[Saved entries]

⁂

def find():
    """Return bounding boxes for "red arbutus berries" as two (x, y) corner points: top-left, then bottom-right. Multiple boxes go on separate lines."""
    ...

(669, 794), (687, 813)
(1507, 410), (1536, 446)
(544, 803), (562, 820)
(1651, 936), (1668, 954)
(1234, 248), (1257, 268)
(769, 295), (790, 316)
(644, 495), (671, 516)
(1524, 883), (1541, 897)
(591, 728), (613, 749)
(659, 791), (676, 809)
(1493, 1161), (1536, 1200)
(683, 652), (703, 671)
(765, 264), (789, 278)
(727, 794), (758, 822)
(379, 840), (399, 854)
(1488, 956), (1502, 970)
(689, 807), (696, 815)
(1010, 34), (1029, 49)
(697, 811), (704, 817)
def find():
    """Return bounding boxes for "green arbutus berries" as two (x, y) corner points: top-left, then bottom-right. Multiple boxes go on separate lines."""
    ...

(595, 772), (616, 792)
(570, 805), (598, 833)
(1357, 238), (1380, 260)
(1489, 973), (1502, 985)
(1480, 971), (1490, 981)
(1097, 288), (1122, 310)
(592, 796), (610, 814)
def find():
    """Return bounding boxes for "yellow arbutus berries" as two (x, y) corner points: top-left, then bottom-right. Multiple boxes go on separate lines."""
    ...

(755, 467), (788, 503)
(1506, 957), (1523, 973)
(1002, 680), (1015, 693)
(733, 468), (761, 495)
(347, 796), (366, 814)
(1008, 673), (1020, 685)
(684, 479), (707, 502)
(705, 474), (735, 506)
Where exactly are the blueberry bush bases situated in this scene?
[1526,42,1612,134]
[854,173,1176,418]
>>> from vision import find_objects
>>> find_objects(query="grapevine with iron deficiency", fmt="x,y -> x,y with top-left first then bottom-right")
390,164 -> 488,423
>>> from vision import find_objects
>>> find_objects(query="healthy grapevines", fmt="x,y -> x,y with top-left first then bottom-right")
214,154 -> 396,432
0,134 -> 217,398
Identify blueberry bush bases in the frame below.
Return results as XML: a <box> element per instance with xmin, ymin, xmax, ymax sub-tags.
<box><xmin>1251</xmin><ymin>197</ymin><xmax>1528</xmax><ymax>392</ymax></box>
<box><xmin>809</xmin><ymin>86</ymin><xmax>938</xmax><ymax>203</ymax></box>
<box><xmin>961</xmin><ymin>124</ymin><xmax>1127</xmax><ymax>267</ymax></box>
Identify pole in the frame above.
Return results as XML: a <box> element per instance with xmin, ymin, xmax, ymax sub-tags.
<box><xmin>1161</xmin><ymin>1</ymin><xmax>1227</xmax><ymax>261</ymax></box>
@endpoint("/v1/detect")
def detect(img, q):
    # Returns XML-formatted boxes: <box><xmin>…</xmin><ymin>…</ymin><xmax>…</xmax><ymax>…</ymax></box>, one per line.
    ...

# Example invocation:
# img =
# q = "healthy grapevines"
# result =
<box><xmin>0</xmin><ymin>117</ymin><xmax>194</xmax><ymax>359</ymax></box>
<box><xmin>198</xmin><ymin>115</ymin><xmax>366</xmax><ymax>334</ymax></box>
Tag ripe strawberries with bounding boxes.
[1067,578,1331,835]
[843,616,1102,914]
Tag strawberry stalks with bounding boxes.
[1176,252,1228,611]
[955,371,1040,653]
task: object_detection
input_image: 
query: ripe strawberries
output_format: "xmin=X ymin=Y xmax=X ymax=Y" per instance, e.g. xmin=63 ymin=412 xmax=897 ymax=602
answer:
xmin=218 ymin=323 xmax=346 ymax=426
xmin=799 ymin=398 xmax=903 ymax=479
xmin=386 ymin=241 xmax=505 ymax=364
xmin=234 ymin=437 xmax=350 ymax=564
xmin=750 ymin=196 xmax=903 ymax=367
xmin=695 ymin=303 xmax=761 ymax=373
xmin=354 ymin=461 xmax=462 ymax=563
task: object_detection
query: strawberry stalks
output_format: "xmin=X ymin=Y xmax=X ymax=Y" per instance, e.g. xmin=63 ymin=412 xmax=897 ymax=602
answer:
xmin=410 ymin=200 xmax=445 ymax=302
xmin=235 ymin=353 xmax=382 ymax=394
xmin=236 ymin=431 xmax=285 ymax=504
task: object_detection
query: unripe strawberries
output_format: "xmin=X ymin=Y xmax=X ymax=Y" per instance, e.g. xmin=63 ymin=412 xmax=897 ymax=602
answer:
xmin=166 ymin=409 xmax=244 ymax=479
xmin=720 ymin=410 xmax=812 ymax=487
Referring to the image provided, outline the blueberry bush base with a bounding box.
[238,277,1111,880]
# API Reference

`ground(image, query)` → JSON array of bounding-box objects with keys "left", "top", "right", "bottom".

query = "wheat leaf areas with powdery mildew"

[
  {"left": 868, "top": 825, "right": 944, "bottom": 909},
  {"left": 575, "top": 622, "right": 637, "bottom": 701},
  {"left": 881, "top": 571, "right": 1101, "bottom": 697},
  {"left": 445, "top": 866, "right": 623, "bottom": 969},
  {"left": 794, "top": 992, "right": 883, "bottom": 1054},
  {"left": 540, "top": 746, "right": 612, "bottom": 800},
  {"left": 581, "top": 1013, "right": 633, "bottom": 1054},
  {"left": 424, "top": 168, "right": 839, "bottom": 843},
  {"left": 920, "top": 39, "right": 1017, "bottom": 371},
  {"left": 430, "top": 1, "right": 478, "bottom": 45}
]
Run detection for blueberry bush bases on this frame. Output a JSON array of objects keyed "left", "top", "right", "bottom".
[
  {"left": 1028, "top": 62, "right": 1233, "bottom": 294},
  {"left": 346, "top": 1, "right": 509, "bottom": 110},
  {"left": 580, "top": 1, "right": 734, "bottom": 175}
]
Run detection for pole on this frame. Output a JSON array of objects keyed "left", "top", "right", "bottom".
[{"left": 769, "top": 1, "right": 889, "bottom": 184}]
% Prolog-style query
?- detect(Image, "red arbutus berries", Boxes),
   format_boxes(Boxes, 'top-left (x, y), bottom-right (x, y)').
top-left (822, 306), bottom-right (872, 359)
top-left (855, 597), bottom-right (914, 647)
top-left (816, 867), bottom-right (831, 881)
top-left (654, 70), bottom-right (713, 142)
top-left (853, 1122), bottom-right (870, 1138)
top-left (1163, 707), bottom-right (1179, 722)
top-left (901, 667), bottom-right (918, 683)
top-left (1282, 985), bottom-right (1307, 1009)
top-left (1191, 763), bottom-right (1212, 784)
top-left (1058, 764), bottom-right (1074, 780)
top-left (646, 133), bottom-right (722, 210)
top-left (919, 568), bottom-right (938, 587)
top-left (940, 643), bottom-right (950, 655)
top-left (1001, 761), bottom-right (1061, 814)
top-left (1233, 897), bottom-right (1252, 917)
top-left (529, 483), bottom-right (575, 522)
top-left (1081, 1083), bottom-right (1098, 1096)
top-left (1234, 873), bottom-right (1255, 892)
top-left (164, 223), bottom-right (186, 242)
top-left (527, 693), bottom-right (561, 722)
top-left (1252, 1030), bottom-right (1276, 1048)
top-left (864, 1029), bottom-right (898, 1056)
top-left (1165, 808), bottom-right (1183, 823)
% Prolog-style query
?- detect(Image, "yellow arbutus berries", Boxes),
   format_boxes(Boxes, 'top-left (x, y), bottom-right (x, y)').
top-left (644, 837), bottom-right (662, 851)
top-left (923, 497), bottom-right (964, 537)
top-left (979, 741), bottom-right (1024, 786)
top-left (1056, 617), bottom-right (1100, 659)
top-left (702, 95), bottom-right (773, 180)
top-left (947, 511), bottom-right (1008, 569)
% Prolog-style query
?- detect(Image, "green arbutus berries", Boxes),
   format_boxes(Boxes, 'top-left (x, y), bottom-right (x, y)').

⁂

### HOW TO COMPLETE THIS TASK
Each record above is to be returned verbatim.

### OUTPUT
def find():
    """Return bounding boxes for "red arbutus berries" as two (x, y) corner points: top-left, then bottom-right. Multiple boxes go on separate lines."""
    ...

(669, 794), (687, 813)
(1507, 410), (1536, 446)
(544, 803), (562, 820)
(1651, 936), (1668, 954)
(1234, 248), (1257, 268)
(769, 295), (790, 316)
(644, 495), (671, 516)
(1524, 883), (1541, 897)
(591, 728), (613, 749)
(659, 791), (676, 809)
(1493, 1161), (1536, 1200)
(683, 652), (703, 671)
(765, 264), (789, 278)
(727, 794), (758, 822)
(379, 840), (399, 854)
(1488, 956), (1502, 970)
(689, 807), (696, 815)
(1010, 34), (1029, 49)
(697, 811), (704, 817)
def find():
    """Return bounding boxes for "green arbutus berries" as two (x, y) corner points: top-left, then bottom-right. Multiple boxes go on separate lines."""
    ...

(595, 772), (616, 792)
(570, 805), (598, 833)
(1357, 238), (1380, 260)
(1489, 973), (1502, 985)
(1480, 971), (1490, 981)
(1097, 288), (1122, 310)
(592, 796), (610, 814)
def find():
    """Return bounding boxes for "yellow arbutus berries" as two (x, y) corner points: top-left, then bottom-right. Multiple boxes go on separate lines."""
    ...

(755, 467), (788, 503)
(1506, 957), (1523, 973)
(1002, 680), (1015, 693)
(733, 468), (761, 495)
(347, 796), (366, 814)
(1008, 673), (1020, 685)
(684, 479), (707, 502)
(705, 474), (735, 506)
Where exactly are the blueberry bush bases situated in this scene?
[1526,42,1612,134]
[854,173,1176,418]
>>> from vision import find_objects
>>> find_objects(query="grapevine with iron deficiency", fmt="x,y -> x,y with top-left first then bottom-right")
390,164 -> 488,423
>>> from vision import find_objects
>>> find_objects(query="healthy grapevines", fmt="x,y -> x,y with top-left first then bottom-right")
214,154 -> 396,432
0,134 -> 217,398
Identify blueberry bush bases in the frame below.
Return results as XML: a <box> element per instance with xmin, ymin, xmax, ymax sub-tags.
<box><xmin>1251</xmin><ymin>197</ymin><xmax>1528</xmax><ymax>392</ymax></box>
<box><xmin>809</xmin><ymin>86</ymin><xmax>938</xmax><ymax>203</ymax></box>
<box><xmin>961</xmin><ymin>124</ymin><xmax>1127</xmax><ymax>267</ymax></box>
Identify pole in the frame above.
Return results as XML: a <box> element per instance with xmin, ymin, xmax, ymax sub-tags.
<box><xmin>1161</xmin><ymin>1</ymin><xmax>1227</xmax><ymax>261</ymax></box>
@endpoint("/v1/detect")
def detect(img, q):
    # Returns XML-formatted boxes: <box><xmin>…</xmin><ymin>…</ymin><xmax>…</xmax><ymax>…</ymax></box>, one per line.
    ...

# Example invocation:
# img =
# q = "healthy grapevines"
# result =
<box><xmin>0</xmin><ymin>117</ymin><xmax>194</xmax><ymax>359</ymax></box>
<box><xmin>198</xmin><ymin>115</ymin><xmax>366</xmax><ymax>334</ymax></box>
Tag ripe strawberries with bounding boxes.
[1067,578,1331,835]
[843,616,1102,914]
Tag strawberry stalks with bounding boxes.
[1176,252,1228,611]
[955,371,1040,653]
task: object_detection
input_image: 
query: ripe strawberries
output_format: "xmin=X ymin=Y xmax=X ymax=Y" per instance, e.g. xmin=63 ymin=412 xmax=897 ymax=602
answer:
xmin=218 ymin=323 xmax=346 ymax=426
xmin=799 ymin=398 xmax=903 ymax=479
xmin=386 ymin=241 xmax=505 ymax=364
xmin=234 ymin=437 xmax=350 ymax=564
xmin=750 ymin=196 xmax=903 ymax=367
xmin=695 ymin=303 xmax=761 ymax=373
xmin=354 ymin=461 xmax=462 ymax=563
task: object_detection
query: strawberry stalks
output_format: "xmin=X ymin=Y xmax=X ymax=Y" per instance, e.g. xmin=63 ymin=412 xmax=897 ymax=602
answer:
xmin=410 ymin=200 xmax=445 ymax=302
xmin=235 ymin=353 xmax=382 ymax=394
xmin=236 ymin=431 xmax=285 ymax=504
task: object_detection
query: unripe strawberries
output_format: "xmin=X ymin=Y xmax=X ymax=Y" per instance, e.g. xmin=63 ymin=412 xmax=897 ymax=602
answer:
xmin=166 ymin=409 xmax=244 ymax=479
xmin=720 ymin=410 xmax=812 ymax=487
Referring to the image provided, outline the blueberry bush base with a bounding box.
[238,277,1111,880]
# API Reference

`ground(image, query)` → JSON array of bounding-box objects with keys "left", "top", "right", "bottom".

query = "wheat leaf areas with powdery mildew"

[
  {"left": 868, "top": 825, "right": 944, "bottom": 909},
  {"left": 575, "top": 622, "right": 637, "bottom": 701},
  {"left": 881, "top": 571, "right": 1101, "bottom": 697},
  {"left": 445, "top": 866, "right": 623, "bottom": 969},
  {"left": 794, "top": 992, "right": 883, "bottom": 1054},
  {"left": 540, "top": 746, "right": 612, "bottom": 800},
  {"left": 581, "top": 1013, "right": 633, "bottom": 1054},
  {"left": 424, "top": 168, "right": 839, "bottom": 843},
  {"left": 920, "top": 39, "right": 1017, "bottom": 371},
  {"left": 430, "top": 1, "right": 478, "bottom": 45}
]
Run detection for blueberry bush bases on this frame. Output a JSON array of objects keyed "left", "top", "right", "bottom".
[
  {"left": 1028, "top": 62, "right": 1233, "bottom": 294},
  {"left": 346, "top": 1, "right": 509, "bottom": 110},
  {"left": 580, "top": 1, "right": 734, "bottom": 175}
]
Run detection for pole on this frame. Output a JSON array of objects keyed "left", "top", "right", "bottom".
[{"left": 769, "top": 1, "right": 889, "bottom": 184}]
% Prolog-style query
?- detect(Image, "red arbutus berries", Boxes),
   format_boxes(Boxes, 'top-left (x, y), bottom-right (x, y)').
top-left (822, 306), bottom-right (872, 359)
top-left (855, 597), bottom-right (914, 647)
top-left (816, 867), bottom-right (831, 881)
top-left (654, 70), bottom-right (713, 142)
top-left (853, 1122), bottom-right (870, 1138)
top-left (1163, 707), bottom-right (1179, 722)
top-left (901, 667), bottom-right (918, 683)
top-left (1282, 985), bottom-right (1307, 1009)
top-left (1191, 763), bottom-right (1212, 784)
top-left (1058, 764), bottom-right (1074, 780)
top-left (646, 133), bottom-right (722, 210)
top-left (919, 568), bottom-right (938, 587)
top-left (940, 643), bottom-right (950, 655)
top-left (1001, 761), bottom-right (1061, 814)
top-left (1233, 897), bottom-right (1252, 917)
top-left (529, 483), bottom-right (575, 522)
top-left (1081, 1083), bottom-right (1098, 1096)
top-left (1234, 873), bottom-right (1255, 892)
top-left (164, 223), bottom-right (186, 242)
top-left (527, 693), bottom-right (561, 722)
top-left (1252, 1030), bottom-right (1276, 1048)
top-left (864, 1029), bottom-right (898, 1056)
top-left (1165, 808), bottom-right (1183, 823)
% Prolog-style query
?- detect(Image, "yellow arbutus berries", Boxes),
   format_boxes(Boxes, 'top-left (x, y), bottom-right (x, y)').
top-left (644, 837), bottom-right (662, 851)
top-left (923, 497), bottom-right (964, 537)
top-left (979, 741), bottom-right (1024, 786)
top-left (1056, 617), bottom-right (1100, 659)
top-left (702, 95), bottom-right (773, 180)
top-left (947, 511), bottom-right (1008, 569)
% Prolog-style query
?- detect(Image, "green arbutus berries", Boxes),
   format_boxes(Boxes, 'top-left (x, y), bottom-right (x, y)').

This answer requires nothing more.